Mein Vater machte große Augen. «Was ist das für ein Lärm?», sprach er. – «Es klingt, als poche jemand laut an die Tür», erwiderte meine Mutter. – «In der Tat!», rief ich. – «Das ist auch meine Meinung», versetzte mein Vater. «Es klingt zweifellos, als bearbeite jemand mit ungewöhnlicher Kraft unsere unschuldige Tür.» – «Ja», rief ich. «Es scheint mir wirklich so, als ob jemand Einlass begehre.» – «Das ist eine andere Frage», erwiderte er. «Wir dürfen uns nicht anmaßen zu entscheiden, aus welchem Grunde geklopft wird, obzwar ich die Möglichkeit, dass tatsächlich jemand an die Türe pocht, nicht mehr ausschließe.»
An ebendieser Stelle wurde die Rede meines Vaters durch ein abermaliges lautes Klopfen unterbrochen, das meine Mutter und mich ein wenig beunruhigte.
«Sollen wir nicht doch nachsehen, wer es ist?», fragte sie. «Die Dienstboten haben Ausgang.» – «Das finde ich auch», erwiderte ich. – «Gewiss», fügte mein Vater an, «auf jeden Fall.» – «Sollen wir also gehen?», fragte meine Mutter. – «Je eher, desto besser», erwiderte er. – «Verlieren wir keine Zeit!», rief ich.

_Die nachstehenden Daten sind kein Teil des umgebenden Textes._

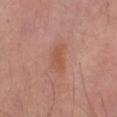| field | value |
|---|---|
| notes | total-body-photography surveillance lesion; no biopsy |
| image-analysis metrics | a lesion color around L≈50 a*≈23 b*≈29 in CIELAB, roughly 7 lightness units darker than nearby skin, and a lesion-to-skin contrast of about 6.5 (normalized; higher = more distinct); border irregularity of about 4 on a 0–10 scale and a within-lesion color-variation index near 2/10 |
| image source | total-body-photography crop, ~15 mm field of view |
| patient | male, aged around 65 |
| lesion size | ≈3.5 mm |
| location | the left thigh |
| lighting | cross-polarized |
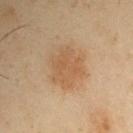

Ein drittes und noch kraftvolleres Klopfen drang an unser Ohr. «Ich bin sicher, dass jemand an unsere Türe pocht», sagte meine Mutter. – «So muss es wohl sein», versetzte mein Vater. – «Ich glaube, die Dienstboten sind zurück», sagte ich. «Da – ich höre Mary zur Tür gehen.» – «Nun, das freut mich», versetzte mein Vater, «denn zu gern wüsste ich, wer es ist.»